Some in the semantics camp, including myself, felt that only a limited form of implicit semantics is embedded in most data on the Web, and that semantics can and will scale. I’ve argued that we can readily apply background knowledge in developing a semantic solution (as we did with MediaAnywhere). The reader can find a link to Norvig’s post and my views on this matter in a 2005 blog at http://bit.ly/s-search.


Early, albeit unnecessary, emphasis on an AI focus to defining a Semantic Web approach also hurt, given the lack of success in scaling AI solutions during the 1980s and ’90s. If you were to interpret ontologies narrowly as models crafted in formal logic languages, or looked only at those ontologies exquisitely crafted with care by experts, the idea that they don’t scale might be valid. Fortunately, we can develop ontologies and associate background knowledge in a variety of ways, especially when we’re dealing with a Web search and browsing application or an information processing task not requiring complete consistency in the knowledge base.  Examples include using (a) ad hoc specifications such as Schema.org and grounding concepts in Linked Open Data cloud, (b) using domain specific community maintained resources (e.g., MusicBrainz for Music, IMDB for movies), and (c) dynamically generated domains models by tools such as Doozer++.

Semantics at the Web scale is gaining acceptance, and our ability to support it is increasing. In the case of Web search, several significant factors are helping semantics to improve it. First, each of the major Web search engines is creating domain-specific structured knowledge. Search engines can and are exploiting semantics via at least three methods.


The first is creating a concept base or object base of facts (entities and relationships) one domain at a time. For example, you can use MusicBrainz, which captures comprehensive knowledge about more than 550,000 artists and their creative works, as background knowledge for the music domain. Bing’s support for specific domains such as entertainment, sports, or travel is in part powered by domain-specific models and relevant background knowledge in a way reminiscent of MediaAnywhere. This use of domain-specific knowledge will continue to expand now that Google has acquired Freebase  and the adoption of linked open data (a method of publishing structured data so that it can be interlinked) increases from current tens of billions triples (facts) and tens of domains by additional one or two orders.

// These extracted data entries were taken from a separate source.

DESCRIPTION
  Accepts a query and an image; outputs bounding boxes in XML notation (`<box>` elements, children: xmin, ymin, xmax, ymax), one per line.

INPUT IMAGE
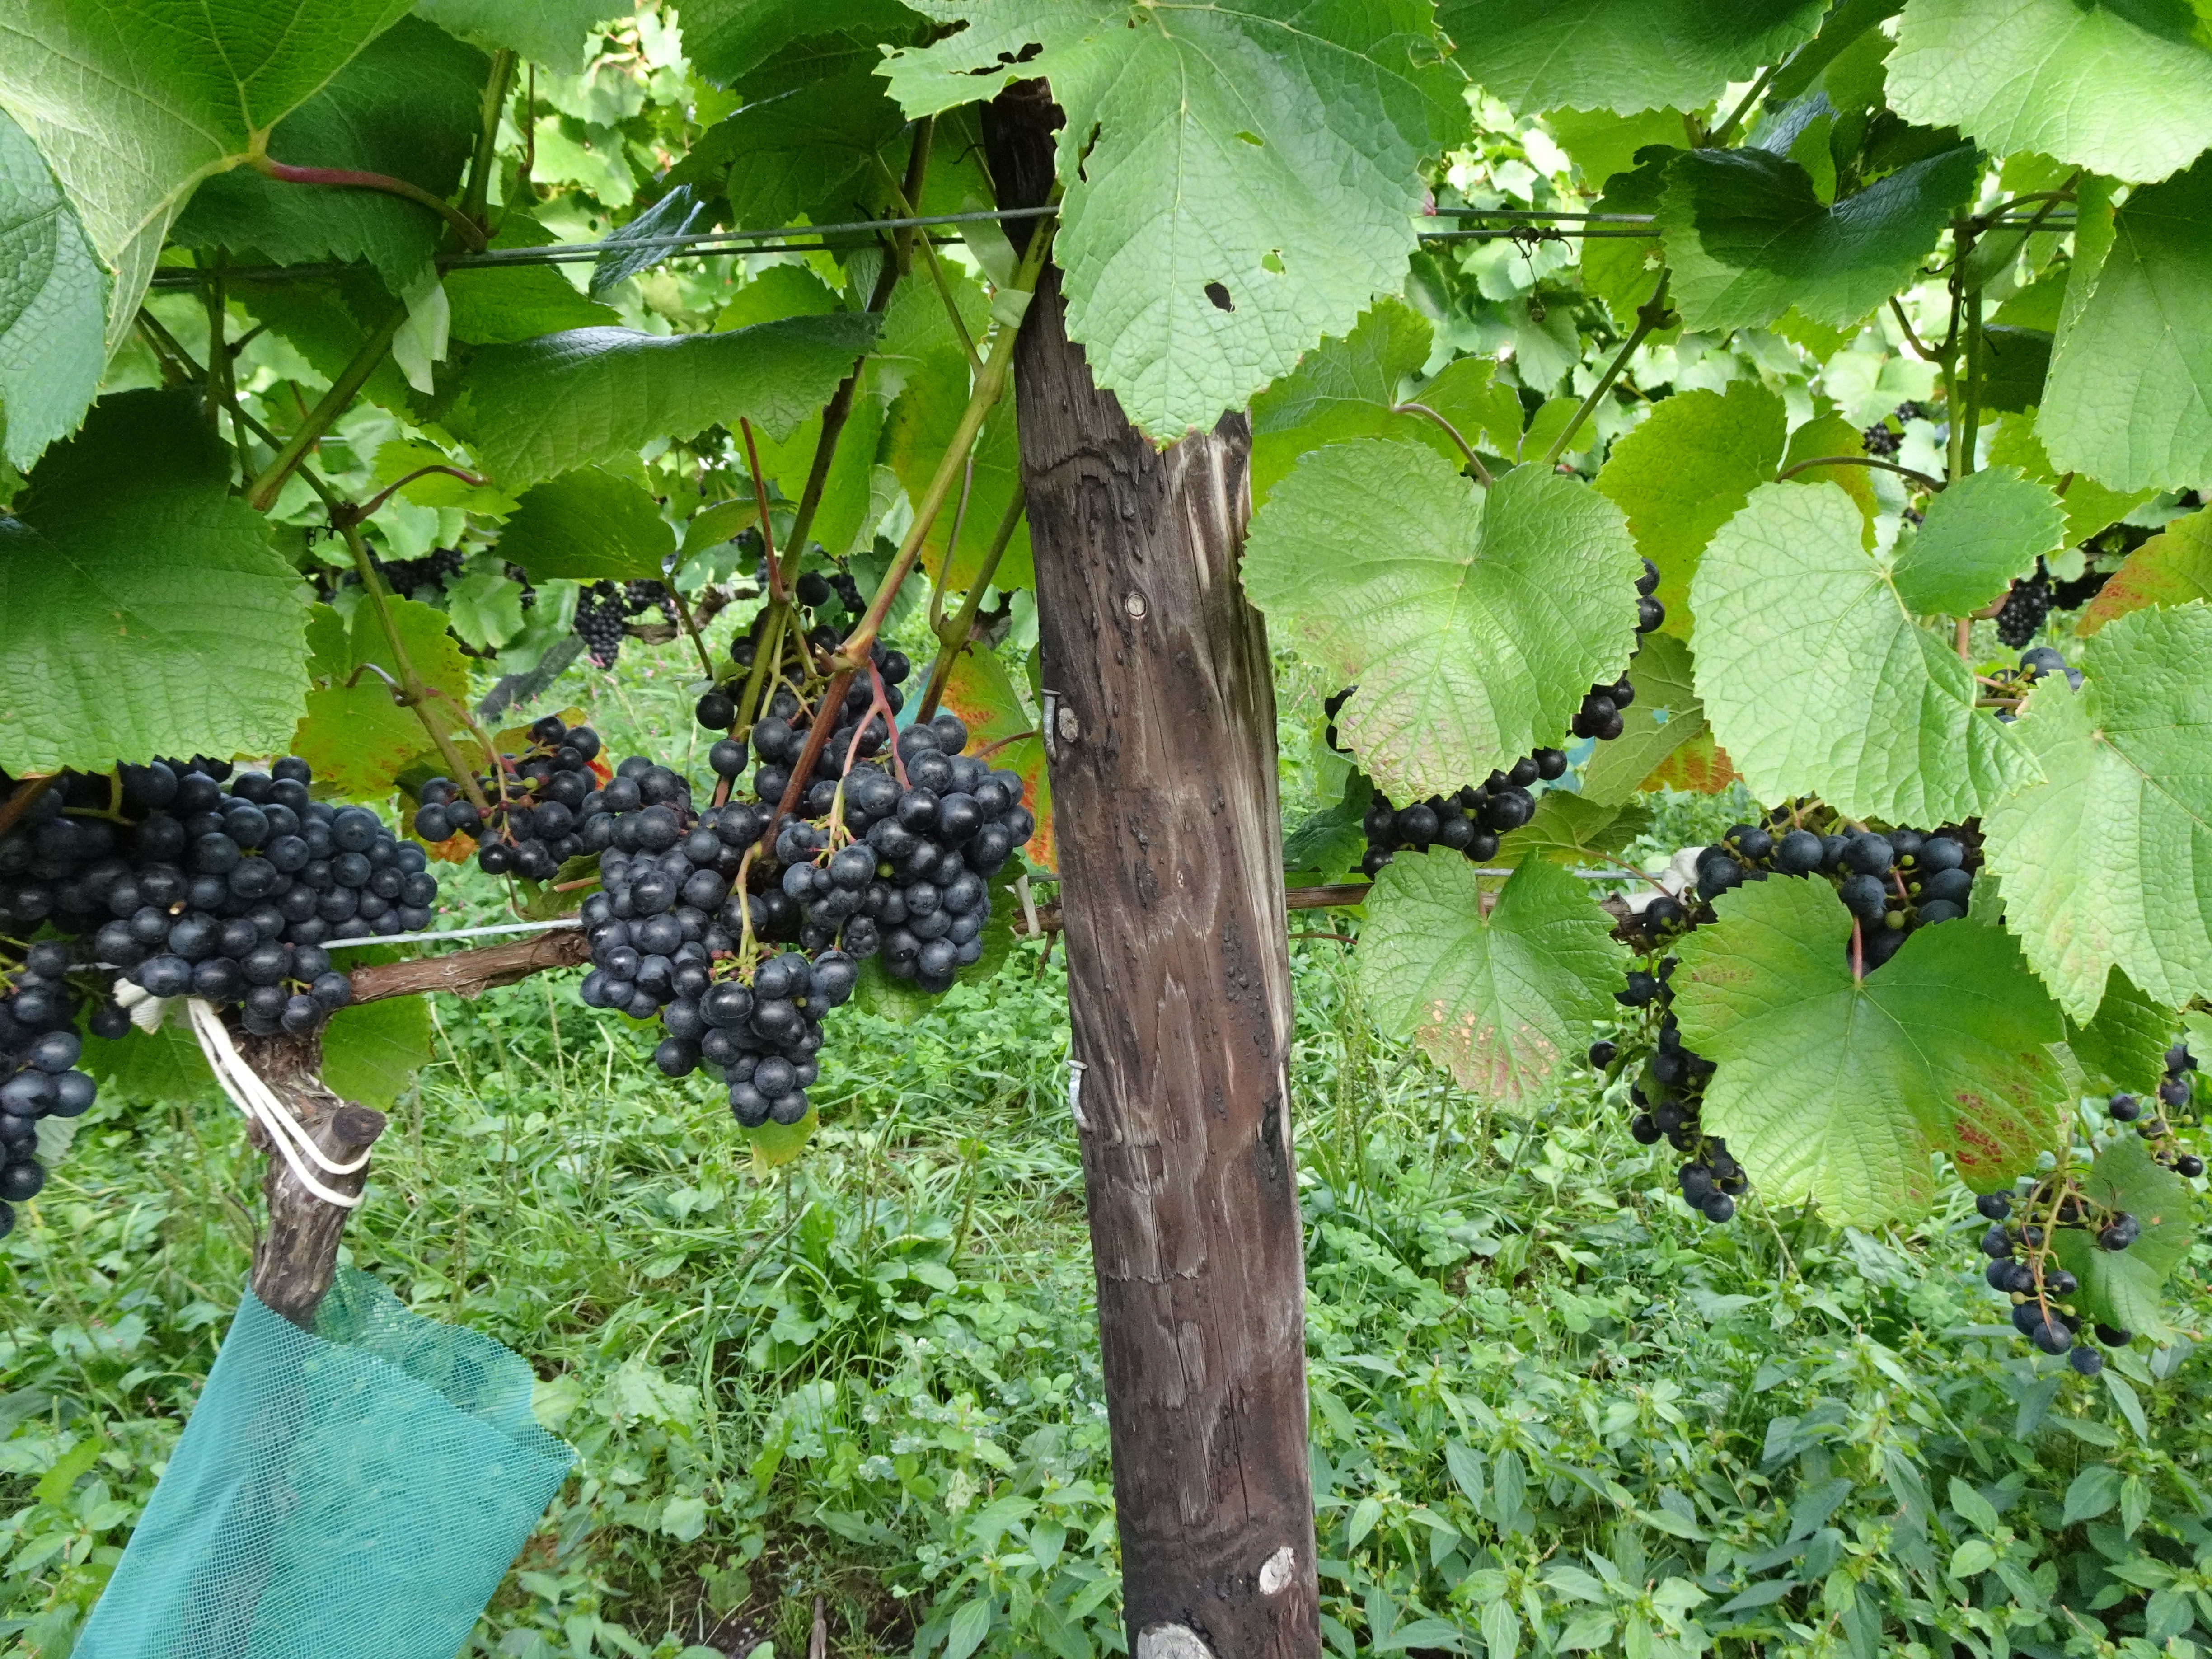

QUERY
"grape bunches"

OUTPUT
<box><xmin>1648</xmin><ymin>824</ymin><xmax>1848</xmax><ymax>959</ymax></box>
<box><xmin>811</xmin><ymin>716</ymin><xmax>1033</xmax><ymax>991</ymax></box>
<box><xmin>1841</xmin><ymin>828</ymin><xmax>1974</xmax><ymax>971</ymax></box>
<box><xmin>778</xmin><ymin>820</ymin><xmax>883</xmax><ymax>955</ymax></box>
<box><xmin>2109</xmin><ymin>1043</ymin><xmax>2203</xmax><ymax>1177</ymax></box>
<box><xmin>276</xmin><ymin>801</ymin><xmax>437</xmax><ymax>940</ymax></box>
<box><xmin>695</xmin><ymin>571</ymin><xmax>910</xmax><ymax>807</ymax></box>
<box><xmin>93</xmin><ymin>753</ymin><xmax>354</xmax><ymax>1037</ymax></box>
<box><xmin>579</xmin><ymin>756</ymin><xmax>805</xmax><ymax>1020</ymax></box>
<box><xmin>656</xmin><ymin>953</ymin><xmax>858</xmax><ymax>1125</ymax></box>
<box><xmin>1590</xmin><ymin>960</ymin><xmax>1747</xmax><ymax>1222</ymax></box>
<box><xmin>1986</xmin><ymin>648</ymin><xmax>2087</xmax><ymax>723</ymax></box>
<box><xmin>1325</xmin><ymin>688</ymin><xmax>1567</xmax><ymax>881</ymax></box>
<box><xmin>0</xmin><ymin>934</ymin><xmax>134</xmax><ymax>1240</ymax></box>
<box><xmin>1564</xmin><ymin>559</ymin><xmax>1664</xmax><ymax>740</ymax></box>
<box><xmin>414</xmin><ymin>716</ymin><xmax>598</xmax><ymax>884</ymax></box>
<box><xmin>1977</xmin><ymin>1184</ymin><xmax>2139</xmax><ymax>1375</ymax></box>
<box><xmin>1</xmin><ymin>769</ymin><xmax>118</xmax><ymax>941</ymax></box>
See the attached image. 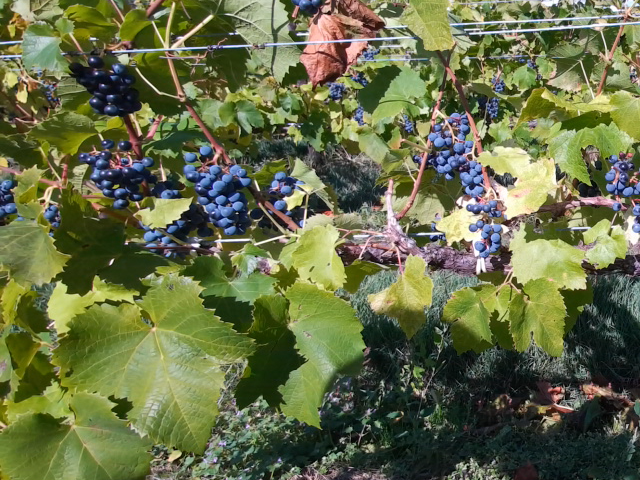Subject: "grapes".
<instances>
[{
    "label": "grapes",
    "mask_w": 640,
    "mask_h": 480,
    "mask_svg": "<svg viewBox=\"0 0 640 480\" xmlns=\"http://www.w3.org/2000/svg\"><path fill=\"white\" fill-rule=\"evenodd\" d=\"M182 173L187 181L195 183L199 203H190L189 210L184 211L179 220L168 223L165 231L182 242H186L190 232L197 228L200 237L211 238L214 230L207 227L210 222L215 227H222L226 236H243L252 224L246 194L238 191L251 185L247 171L239 165H231L226 174L218 164H212L208 172L200 173L193 165H185Z\"/></svg>",
    "instance_id": "1"
},
{
    "label": "grapes",
    "mask_w": 640,
    "mask_h": 480,
    "mask_svg": "<svg viewBox=\"0 0 640 480\" xmlns=\"http://www.w3.org/2000/svg\"><path fill=\"white\" fill-rule=\"evenodd\" d=\"M112 157V152L108 150H101L98 154H90L87 152L80 153L78 155V161L81 164H87L92 166L93 173L90 176V180L95 183V187L102 192V195L107 198H115L113 201V208L116 210H123L129 206L128 198L132 202L140 201L143 198V193L140 192L139 185L143 181H147L149 184H154L150 195L160 199H180L182 194L175 189L172 181H158L156 175H151V172L145 167H153L155 165L154 159L150 156H146L141 159V163L130 162L125 157L120 158V167L122 169H111L109 159Z\"/></svg>",
    "instance_id": "2"
},
{
    "label": "grapes",
    "mask_w": 640,
    "mask_h": 480,
    "mask_svg": "<svg viewBox=\"0 0 640 480\" xmlns=\"http://www.w3.org/2000/svg\"><path fill=\"white\" fill-rule=\"evenodd\" d=\"M88 64L83 67L79 62H71L69 68L77 81L93 95L90 105L97 115L123 118L125 114H132L143 107L139 101L141 92L130 87L136 83V77L129 74L127 66L113 63V73H105L101 71L105 63L98 56L91 57Z\"/></svg>",
    "instance_id": "3"
},
{
    "label": "grapes",
    "mask_w": 640,
    "mask_h": 480,
    "mask_svg": "<svg viewBox=\"0 0 640 480\" xmlns=\"http://www.w3.org/2000/svg\"><path fill=\"white\" fill-rule=\"evenodd\" d=\"M449 124L457 125V138L462 142H456L452 146V151L455 153L451 156L449 149H441L443 146L450 147L452 145V133L450 131H444L441 134L442 126L440 124L432 127L433 132L428 135V140L432 142V145L436 149H441L436 152V155L429 154L426 164L433 166V168L441 174H445L446 180H452L455 177L454 168L459 167V177L461 178V185L465 187V193L479 201L484 195V187L479 185L483 181L482 164L475 160L468 161L462 155H468L471 152L473 142L471 140H465L466 136L470 133V127L467 125L468 120L465 114H459L453 112L448 117Z\"/></svg>",
    "instance_id": "4"
},
{
    "label": "grapes",
    "mask_w": 640,
    "mask_h": 480,
    "mask_svg": "<svg viewBox=\"0 0 640 480\" xmlns=\"http://www.w3.org/2000/svg\"><path fill=\"white\" fill-rule=\"evenodd\" d=\"M608 162L615 167H612L609 172L605 174V180L607 182H613L618 174V181L613 183H607L605 185V190L608 193H614L615 195H621L622 197L629 198L630 196L640 194V182L632 186H625L626 182L630 179L629 171H633L635 169V164L633 162H626L623 160H618V156L616 154H612L608 157Z\"/></svg>",
    "instance_id": "5"
},
{
    "label": "grapes",
    "mask_w": 640,
    "mask_h": 480,
    "mask_svg": "<svg viewBox=\"0 0 640 480\" xmlns=\"http://www.w3.org/2000/svg\"><path fill=\"white\" fill-rule=\"evenodd\" d=\"M138 223L140 224V229L145 232L143 234V240L145 242H149L145 244L146 248H150L149 252L150 253H154V254H159L165 257V258H170L172 257L173 259H176L178 257H180L181 260H184L186 256L190 255V251L186 248H181V249H163V248H158L159 244L156 242H150V241H159V243L163 244V246L166 247H176V246H180V243H177L175 241H172V238H169L168 236H166L165 234L159 232L156 229H151V227H146L142 221H138Z\"/></svg>",
    "instance_id": "6"
},
{
    "label": "grapes",
    "mask_w": 640,
    "mask_h": 480,
    "mask_svg": "<svg viewBox=\"0 0 640 480\" xmlns=\"http://www.w3.org/2000/svg\"><path fill=\"white\" fill-rule=\"evenodd\" d=\"M478 229L483 239L490 237V246L487 248L483 241H477L475 243V251L479 253L481 258H487L492 253H496L501 246V234L502 226L499 223H495L493 226L486 224L483 221L477 220L475 223H471L468 226L470 232H476Z\"/></svg>",
    "instance_id": "7"
},
{
    "label": "grapes",
    "mask_w": 640,
    "mask_h": 480,
    "mask_svg": "<svg viewBox=\"0 0 640 480\" xmlns=\"http://www.w3.org/2000/svg\"><path fill=\"white\" fill-rule=\"evenodd\" d=\"M304 185V180L297 181L295 177H287L285 171H277L274 173V179L271 181L269 194L278 195L281 193L283 196H290L293 190L300 191V186Z\"/></svg>",
    "instance_id": "8"
},
{
    "label": "grapes",
    "mask_w": 640,
    "mask_h": 480,
    "mask_svg": "<svg viewBox=\"0 0 640 480\" xmlns=\"http://www.w3.org/2000/svg\"><path fill=\"white\" fill-rule=\"evenodd\" d=\"M16 186V180H5L0 183V217H5L17 212L14 196L10 192Z\"/></svg>",
    "instance_id": "9"
},
{
    "label": "grapes",
    "mask_w": 640,
    "mask_h": 480,
    "mask_svg": "<svg viewBox=\"0 0 640 480\" xmlns=\"http://www.w3.org/2000/svg\"><path fill=\"white\" fill-rule=\"evenodd\" d=\"M498 205H499V201L497 199H491L488 204L486 203H478L473 205L468 204L466 206V210L468 212H472L474 215H478L483 211L485 214H488L490 218H493V217L498 218L503 215V212L499 209H492V208H496Z\"/></svg>",
    "instance_id": "10"
},
{
    "label": "grapes",
    "mask_w": 640,
    "mask_h": 480,
    "mask_svg": "<svg viewBox=\"0 0 640 480\" xmlns=\"http://www.w3.org/2000/svg\"><path fill=\"white\" fill-rule=\"evenodd\" d=\"M212 153H213V148L211 146L202 145L199 150V155L201 156L200 161L202 163H205L210 159V157L212 156ZM199 155L196 152H186L183 155V159L187 163H196L198 161Z\"/></svg>",
    "instance_id": "11"
},
{
    "label": "grapes",
    "mask_w": 640,
    "mask_h": 480,
    "mask_svg": "<svg viewBox=\"0 0 640 480\" xmlns=\"http://www.w3.org/2000/svg\"><path fill=\"white\" fill-rule=\"evenodd\" d=\"M250 216H251L253 219H260V220L258 221V227H259V228H265V227H267L269 230H272V229H273V231H274V232H277V231H278V226L276 225V223H275V222H273V221H271V219H270V218H268V217H266V216H263V211H262L260 208L253 209V210L250 212Z\"/></svg>",
    "instance_id": "12"
},
{
    "label": "grapes",
    "mask_w": 640,
    "mask_h": 480,
    "mask_svg": "<svg viewBox=\"0 0 640 480\" xmlns=\"http://www.w3.org/2000/svg\"><path fill=\"white\" fill-rule=\"evenodd\" d=\"M291 3L308 13H317L318 7L322 5L321 0H291Z\"/></svg>",
    "instance_id": "13"
},
{
    "label": "grapes",
    "mask_w": 640,
    "mask_h": 480,
    "mask_svg": "<svg viewBox=\"0 0 640 480\" xmlns=\"http://www.w3.org/2000/svg\"><path fill=\"white\" fill-rule=\"evenodd\" d=\"M44 217L53 228H58V208L55 204H49L48 208L44 211Z\"/></svg>",
    "instance_id": "14"
},
{
    "label": "grapes",
    "mask_w": 640,
    "mask_h": 480,
    "mask_svg": "<svg viewBox=\"0 0 640 480\" xmlns=\"http://www.w3.org/2000/svg\"><path fill=\"white\" fill-rule=\"evenodd\" d=\"M269 202L271 205H273V207L277 208L282 214L284 215L292 214L291 210L286 209V207L288 206V201L285 200L284 198L277 199L276 197H270Z\"/></svg>",
    "instance_id": "15"
}]
</instances>

Second is the recent collaboration between the three major search engine players in defining schema.org, which provides schemas or conceptual models for several common domains. The third method is content developers’ increasing use and support of microdata (a simple way to embed semantic markup into HTML documents) and RDFa (for embedding rich metadata within Web documents using RDF) to improve search results. This in turn entices content developers to provide more metadata or annotations and use relevant models to add semantics. Quick on search engines’ heels, social media (such as Facebook’s Open Graph protocol), e-commerce (BestBuy’s use of the GoodRelations ontology), and a wide variety of Web businesses and services are building a growing and synergistic Semantic Web ecosystem.

Search is No Longer the King of Web Applications

Prior to the era when semantics didn’t scale, search was the king of all Web applications. But the importance of search is highly overrated. Its best days were in the past. We’re in an era with significant growth in heterogeneity (social data, mobile-device-generated data, data from sensors inside, on, and around humans, and so on) and quantity (the rate of data creation has already surpassed our ability to store it). Simply needing access to data (which a search engine can index and return as a document) no longer serves our needs. We need knowledge and insights for decision-making as well as answers to our questions. Semantics plays a pivotal role in helping us build solutions to meet these requirements. Relationships are at the heart of semantics and semantic web, and, consequently, we can transition from focusing on keywords and objects, as we did with search, to focusing on relationships and richer abstractions, including events and experiences.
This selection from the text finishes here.